Despite his growing comfort with his appearance, he didn’t want to be confronted with images of himself that he didn’t like. “You can never get rid of visuals once they’re on the Internet,” he says. “I had to feel comfortable, and the way I did it was to be invisible.”

The refusal to live up to expectations was also a retort to the current celebrity dress rules. “For me, fashion should be the same on the red carpet or in my kitchen when I’m cooking. Otherwise, it becomes a costume. I always want to be like who I am. It was the opposite of what the Met Ball is: fame, to be seen, everyone knows who you are. (Respect for portability is a course of action, regardless of glamor: “The clothes he designs are incredibly easy to wear,” Huppert explains. “A spectacular evening dress he made for me was as comfortable as it was. ‘a T-shirt.”)

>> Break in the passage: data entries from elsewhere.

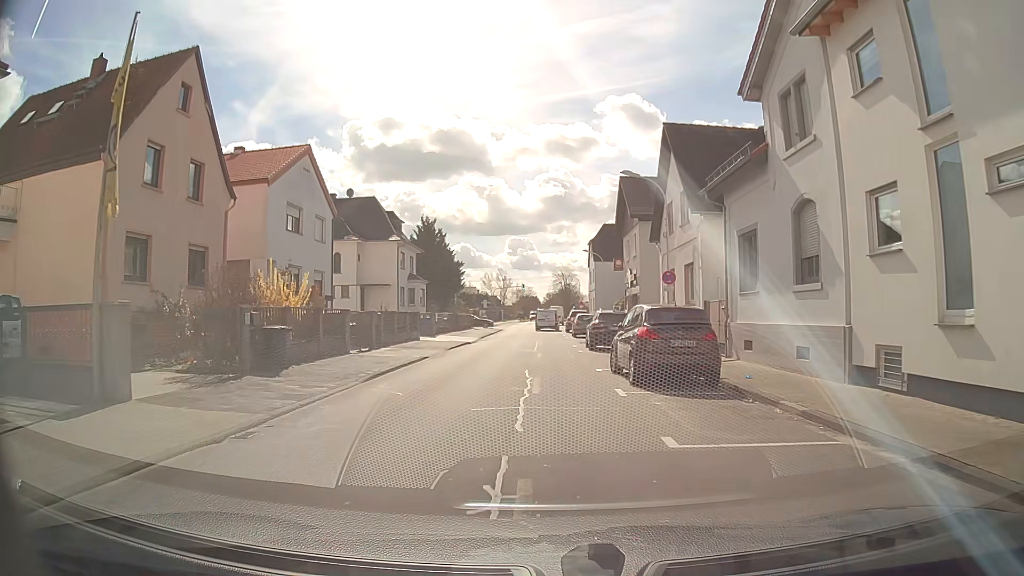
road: tertiary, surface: asphalt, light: Day
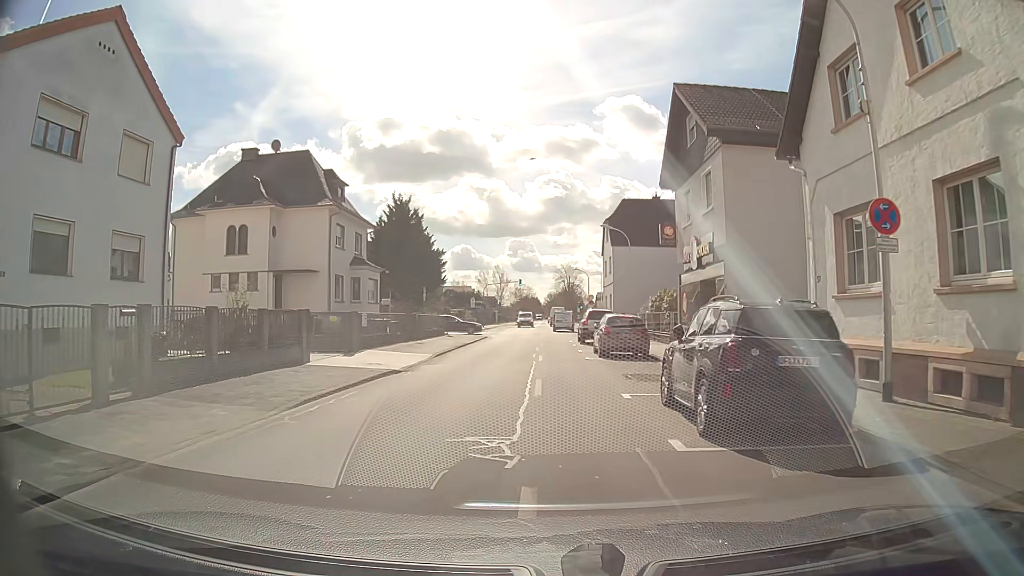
(0.0, +18.4) m; 0°
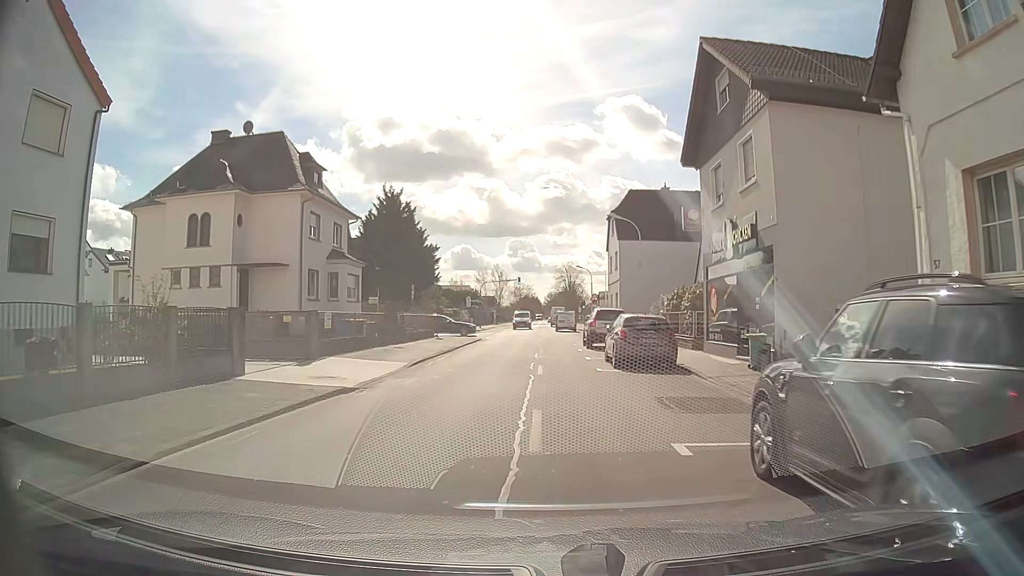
(0.0, +4.7) m; 0°
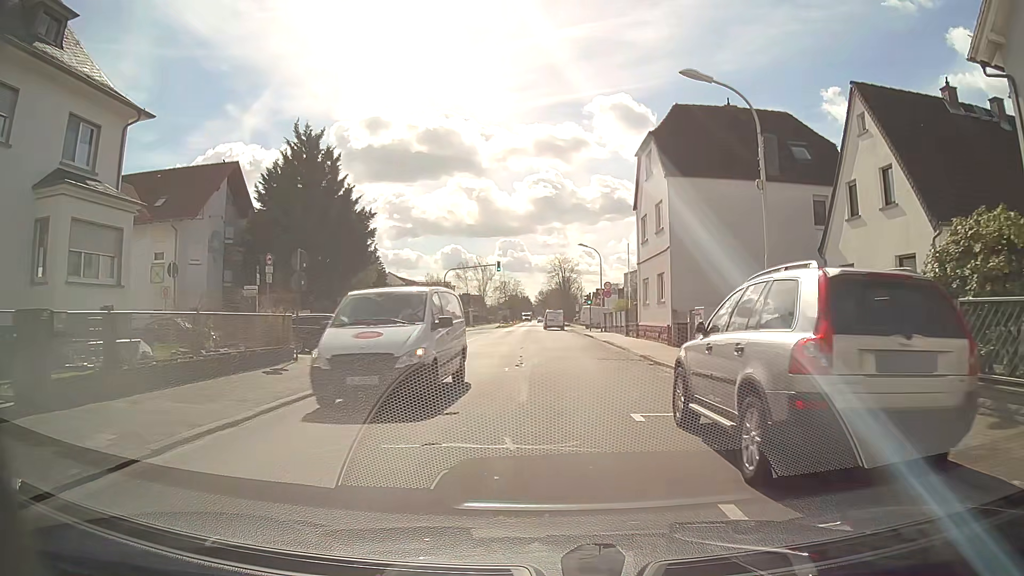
(+0.2, +23.7) m; +2°
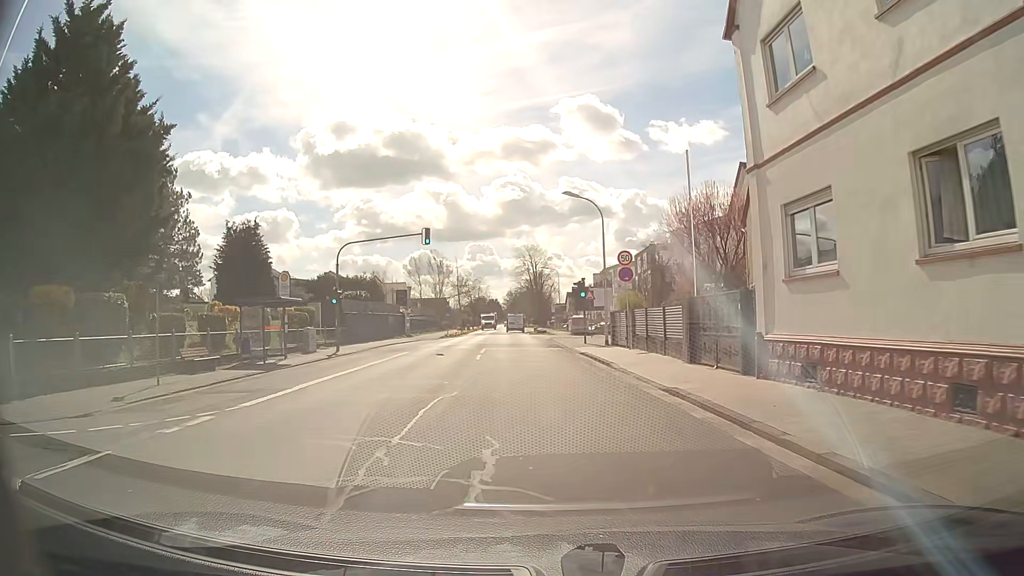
(0.0, +24.4) m; +2°
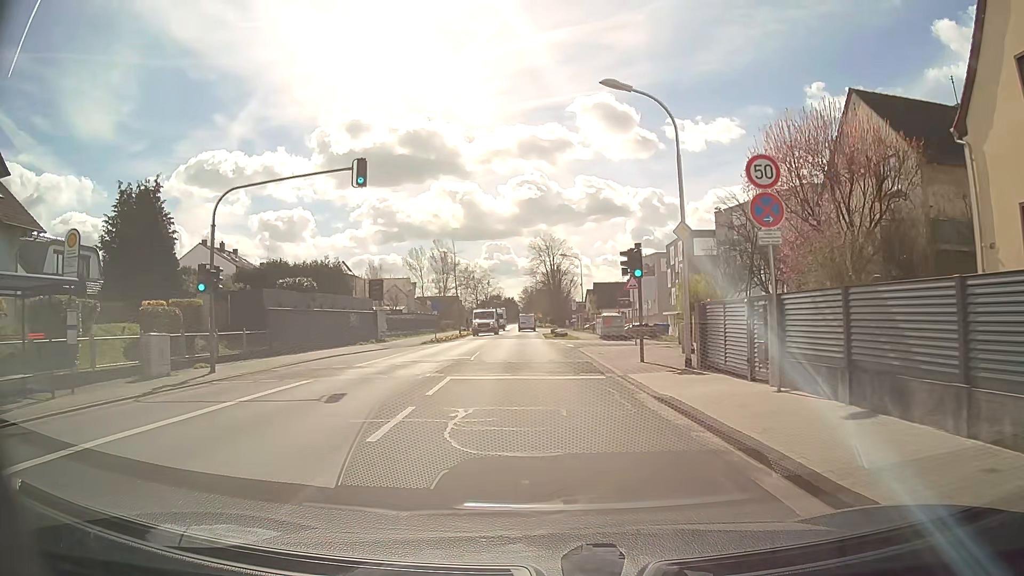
(-0.2, +15.5) m; -1°
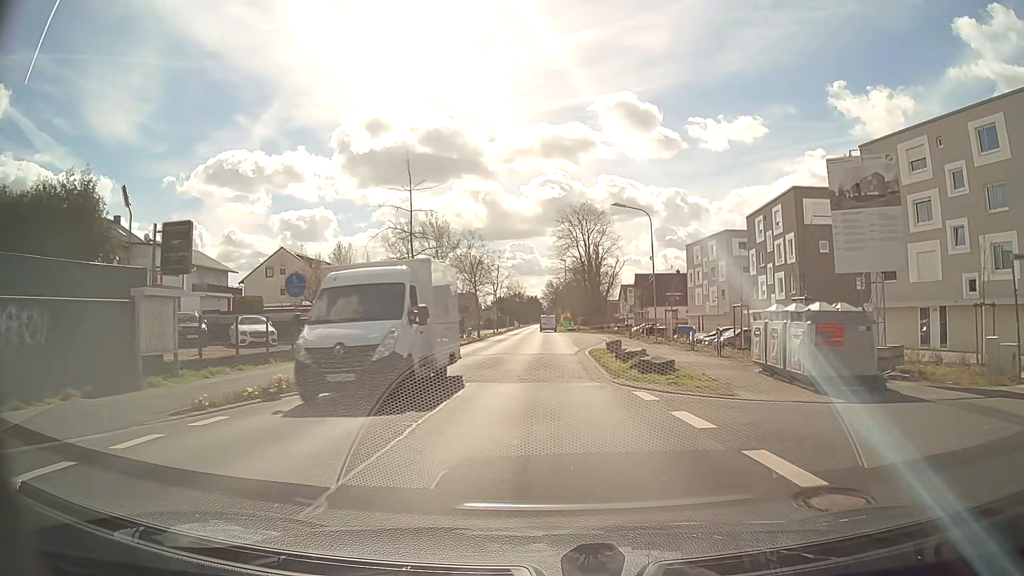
(-1.0, +30.6) m; -2°
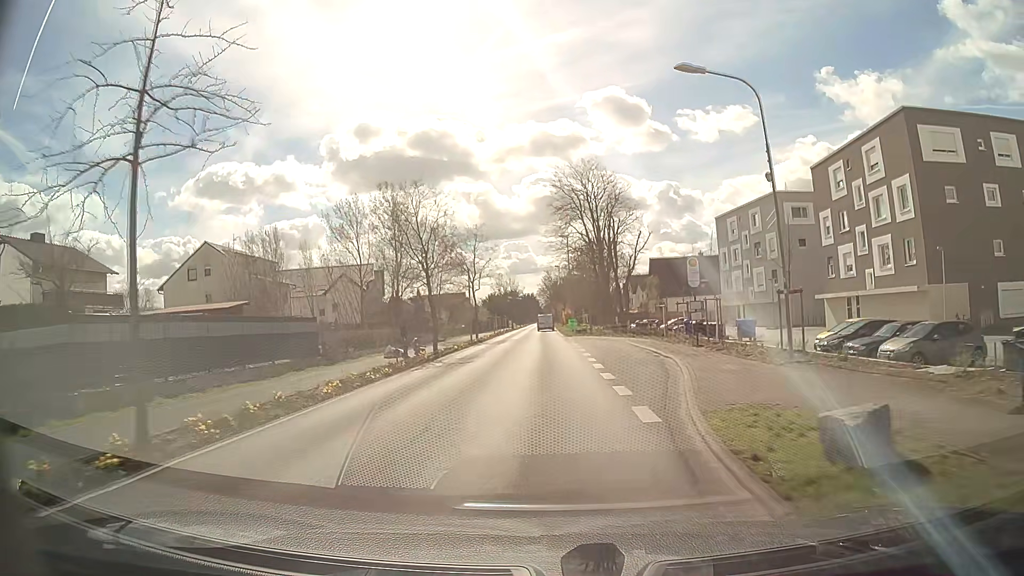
(+0.1, +21.3) m; 0°
(0, +10) (0, +20) (0, +30) (0, +40) (0, +50) (0, +60) (0, +70) (0, +80) (0, +90) (0, +100) m

The experience summed up his anxious ambivalence around identity and his incessant questioning. As they left the hotel for the Met with their faces wrapped up, spectators shouted “Who are you?” At the designer. “I thought to myself, that’s such a good question: who am I? Why am I still here? He remembers. “It was hilarious going to this event with everyone’s Kim as a prom date, both as shadows of our silhouettes. It said something about the celebrity paradox, especially in America. How fashion is. featured through fame. (Plus, he met Kris.)

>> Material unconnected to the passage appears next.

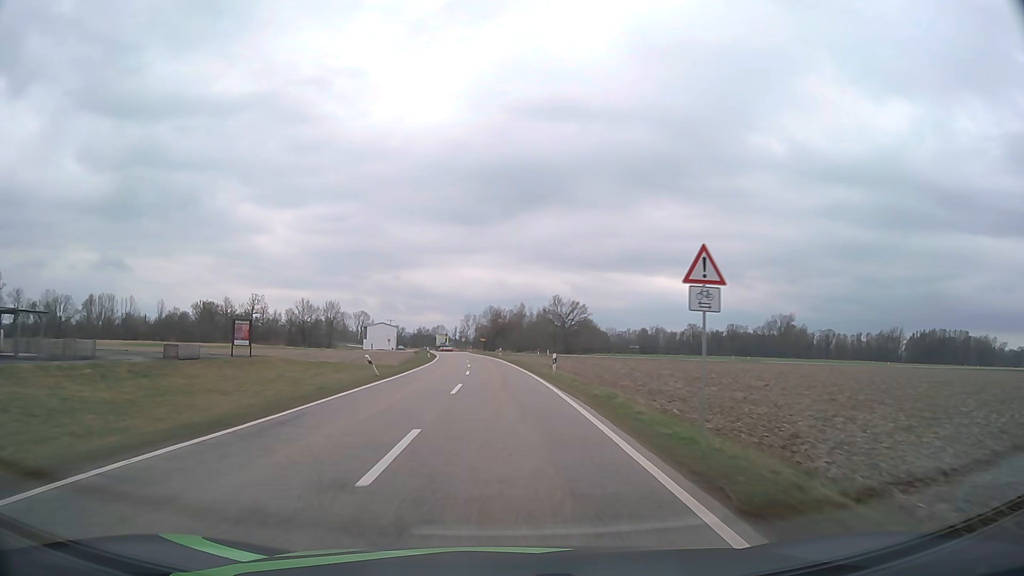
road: tertiary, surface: asphalt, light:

Gvasalia’s entry into the inner sanctum of the Kardashians came through not quite Kim’s ex-husband, Kanye West, a champion of Gvasalia’s labor since Vetements days. The friends recently collaborated on the artistic direction of the release events of West’s latest album, Donda. (West, not by chance, has been using face masks for years, inspired by Belgian fashion designer Martin Margiela, to whom Gvasalia is often compared.)

Strangely, just when I ask how two men with such strong visions relate to each other, Gvasalia’s phone rings. This is the West. “We have this constant exchange of images,” explains Gvasalia. “There are very few people I know, especially of this caliber, who really understand what I do. It takes me out of my comfort zone and becomes a better designer. And he does it beautifully. There is no ego, ”he says, just“ a mutual willingness to evolve and do something big and new. This is what unites us.

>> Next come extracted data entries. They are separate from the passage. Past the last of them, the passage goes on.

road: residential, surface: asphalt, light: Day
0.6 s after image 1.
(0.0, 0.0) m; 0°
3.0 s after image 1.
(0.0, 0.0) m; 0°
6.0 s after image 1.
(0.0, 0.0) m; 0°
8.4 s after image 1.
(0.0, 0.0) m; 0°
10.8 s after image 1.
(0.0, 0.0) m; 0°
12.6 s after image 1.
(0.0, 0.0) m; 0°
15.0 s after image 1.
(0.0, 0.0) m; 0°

Uniting – visions, products, people, genres – is the key to understanding Gvasalia’s project at Balenciaga. If presenting both Cardi B and Huppert in Balenciaga’s commercials seems like an iconoclastic cast, that’s the point. “The diversity of the characters is meant to show how vast Balenciaga is as it becomes a global brand,” he said. (Her celebrity on the to-do list: Sade, the British Nigerian singer. “It’s the soundtrack of my life. I grew up listening to it. In any situation, happy or dark, I always put Sade on and I end up in my zone. “)

A few weeks after the Met Gala, for the Balenciaga summer 2022 show during Paris Fashion Week, Gvasalia pushed her exploration of realistic representation, the primordial economy of the image, the pose and our breathless adulation of the famous to its most meta-progression. The creator has created a mock show that regularly takes place outside of movie premieres, awards shows, and galas from Cannes to LA. the models (also a mix of celebrities and civilians) took turns walking a red carpet lined with paparazzi; the inventive point of view of a parade was Gvasalia peak: witty, gripping, bewildering. The New York Times critic Vanessa Friedman called it “the smartest show of the week,” the Fashion businessby Tim Blanks “glorious” and “totally Warholian”. It was also a lot of fun.